In-law complaints are legion. Getting married seems to be an automatic trigger in some families to turn on the dislike switch. Statements like, “I’m marrying you and not your family,” highlight the fact that people anticipate having in-law problems from the onset of marriage. It does not have to be that way.
Your in-laws are not perfect, but they did raise your spouse.
This means that you should see at least a few of the characteristics in them that you find attractive in your mate. If you understand what your in-laws want from you, it will go a long way toward defusing current and future in-law problems. If you can get along with your in-laws, it will give you a better chance of having a happier marriage in the long run.
You need to treat your spouse properly.
Do not lose sight of the fact that to your in-laws, you are married to someone who still holds a special place in their affections. Their protective instincts do not shut down and go away just because their child in now your spouse. You are being evaluated largely on the basis of how you treat their family member. If they view you as a good mate for their son or daughter, most of the time they will like and accept you.
Be friendly and a part of the family.
Unfortunately, during the dating and wedding phase of a relationship, future spouses are often treated like aliens from space. Instead of being welcomed and loved, they are held at arms length and stared at like zoo animals. Distrust and cynicism abound. As a result, you may feel like an outsider in your spouse’s family.
Most families want to reverse this after the wedding, but the barrier can be hard to tear down. If you can put problems from the past behind you, your in-laws usually want you to be friendly and act like you are part of the family. If you do this in most families, you will receive the same in return.
Keep an even temper.
Moody and quick tempered people have problems with far more people than their in-laws. If you have problems with anger, get some professional help to overcome it. Your in-laws want someone who is predictable in a good way. Being moody and having a flash temper will not make your in-laws want you around. It may even cause them to work to get their son or daughter to go shopping for a new spouse.
If your family needs your income to make it financially, you need to learn to keep a job. Your in-laws want you to give them a feeling of security about the financial well-being of their child. Hardworking wage earners are always regarded positively by the in-laws. You do not have to be rich. Just be responsible.
Be a consistent and good parent.
Grandchildren are important to your in-laws. They worry about their provision and safety. Grandparents also want to see their grandkids being treated fairly. Learn to be a good parent. No one really expects perfection. Try not to be offended when the in-laws make suggestions about how to raise your children. You can gently let them know that you want to raise your children your way. However, if they smell abuse, neglect, or improper care being given, they will be quick to come to the rescue.

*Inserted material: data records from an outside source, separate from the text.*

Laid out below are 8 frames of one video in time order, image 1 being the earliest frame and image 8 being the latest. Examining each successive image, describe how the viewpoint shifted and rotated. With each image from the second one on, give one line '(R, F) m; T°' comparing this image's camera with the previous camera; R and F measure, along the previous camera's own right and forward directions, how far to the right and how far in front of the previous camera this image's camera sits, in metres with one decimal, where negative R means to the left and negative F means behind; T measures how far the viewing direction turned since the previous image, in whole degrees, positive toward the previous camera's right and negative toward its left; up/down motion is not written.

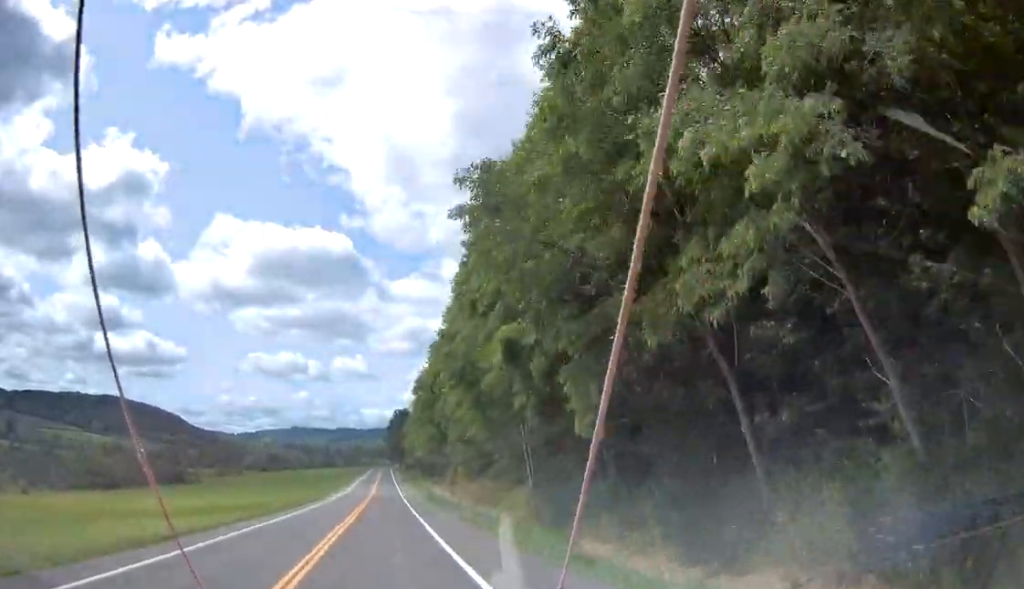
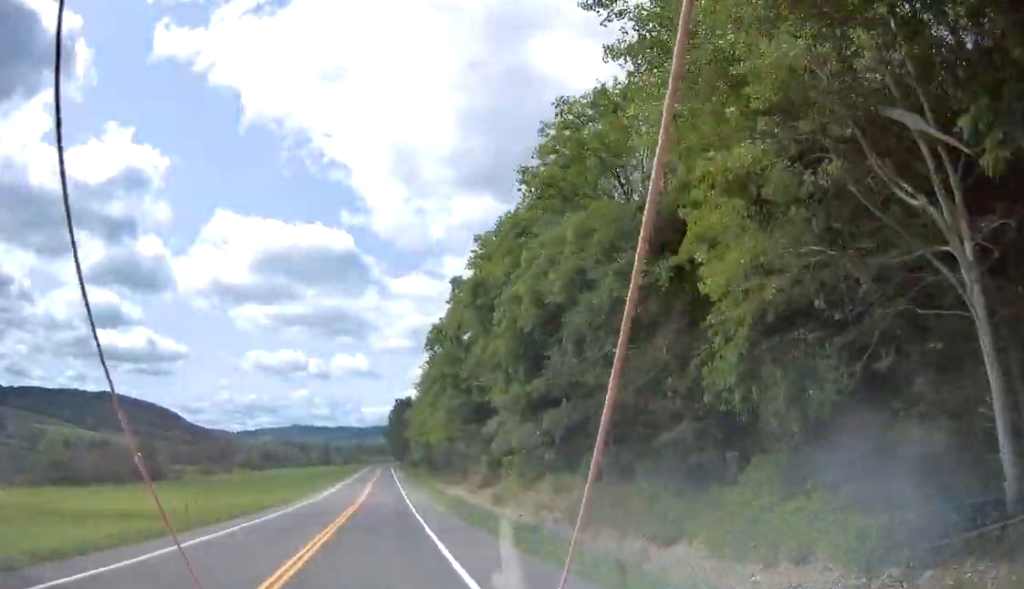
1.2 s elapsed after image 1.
(0.0, +29.9) m; 0°
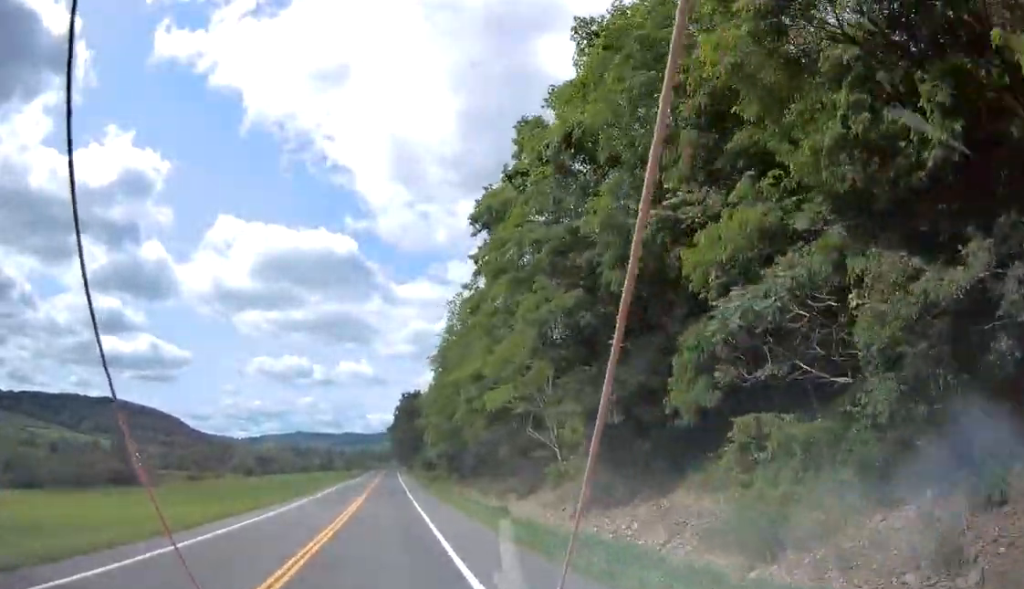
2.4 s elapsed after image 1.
(-0.1, +30.4) m; 0°
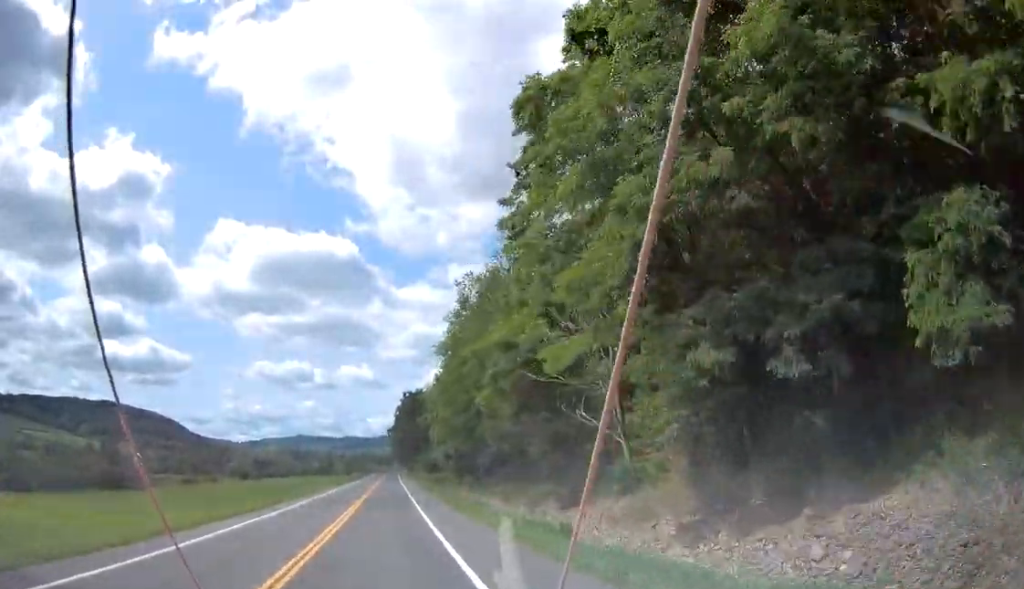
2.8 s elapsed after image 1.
(0.0, +10.1) m; 0°
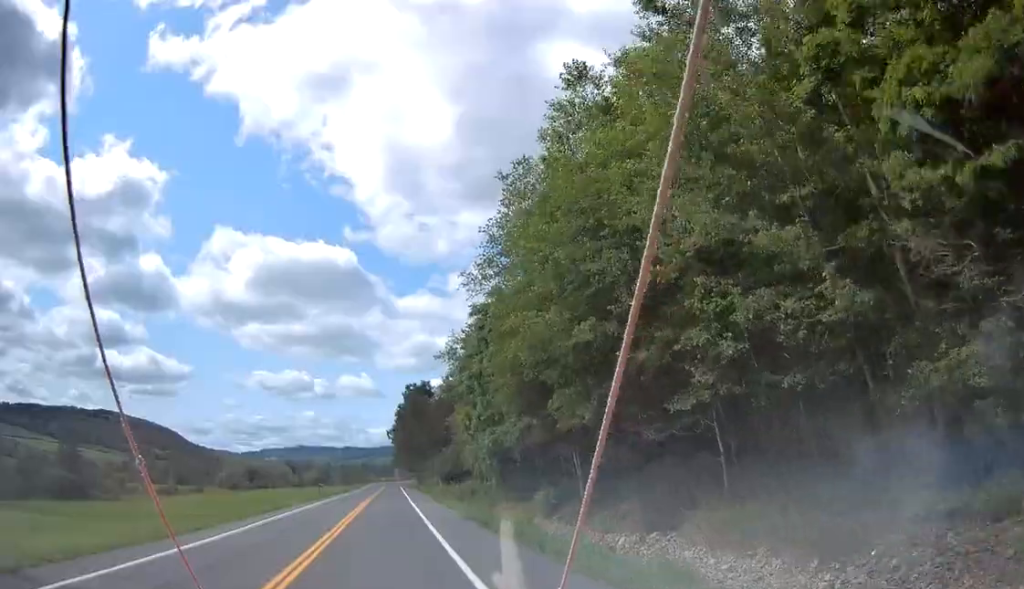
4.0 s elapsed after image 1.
(-0.1, +30.1) m; 0°
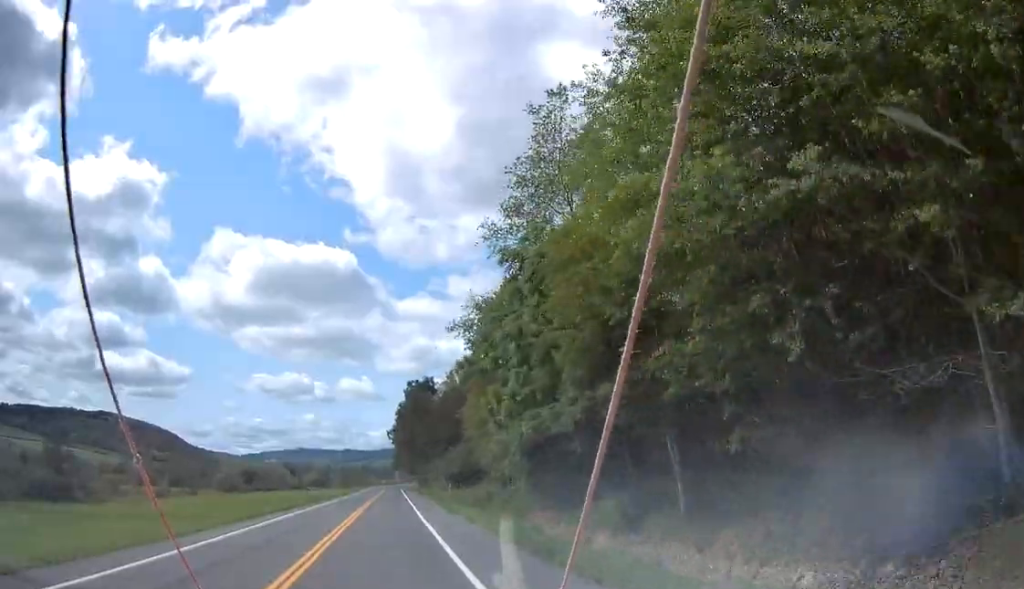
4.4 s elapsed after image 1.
(0.0, +9.9) m; 0°
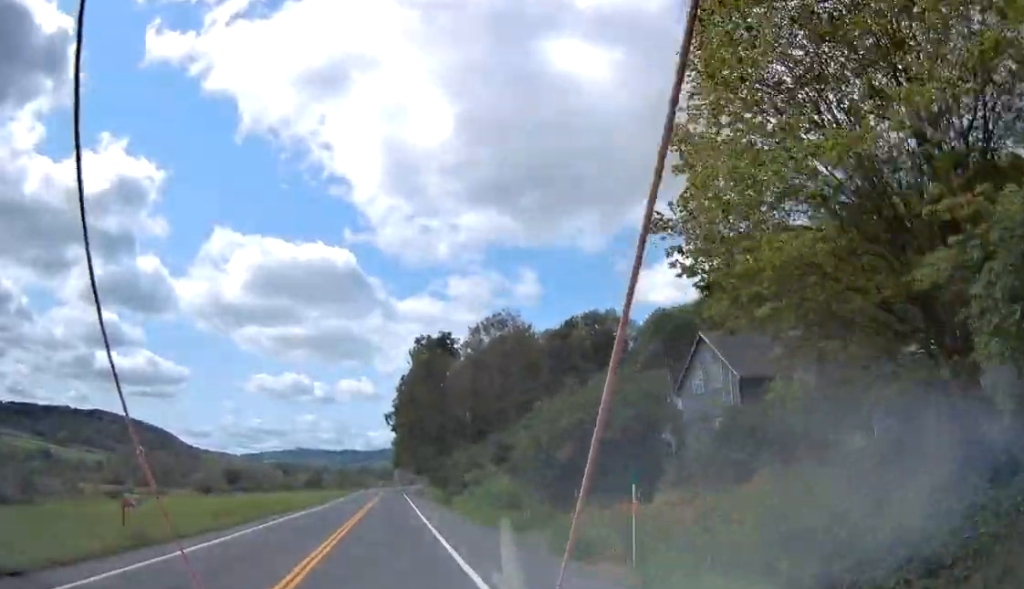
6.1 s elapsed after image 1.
(+0.1, +42.0) m; 0°
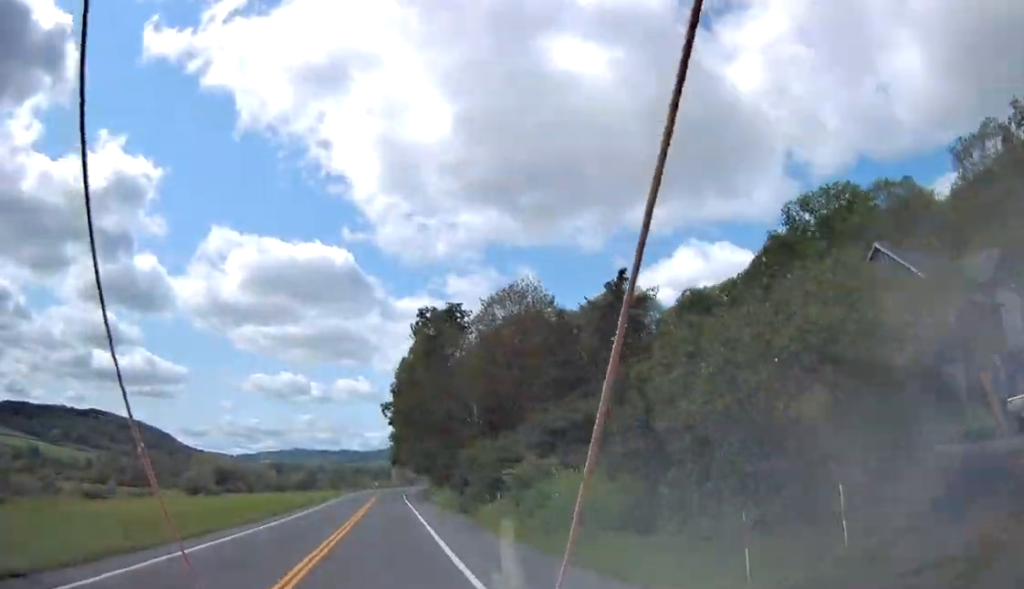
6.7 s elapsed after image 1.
(-0.3, +15.8) m; 0°

Work on being dependable and helpful.
As a part of the family, you are expected to be willing to step in and help when you are needed. Family members who avoid helping out when needed are not usually viewed positively. Make a habit of not waiting to be asked before stepping up and helping if you see something that needs your attention. While you are not expected to be the family slave, you are expected to act like you care about the extended family needs.
Try to be a good conversationalist.
A big problem with many sons-in-law and daughters-in-law is that they do not carry their side of a conversation very well. They answer questions with a word or two or a very short sentence and then follow it with silence. If you know the family, you should be able to be engaged in conversation. When your in-laws see you talking non-stop with friends and then will not talk to your in-laws, it will be a natural assumption that you do not like them or do not want to talk to them. Neither of these are make for a good relationship.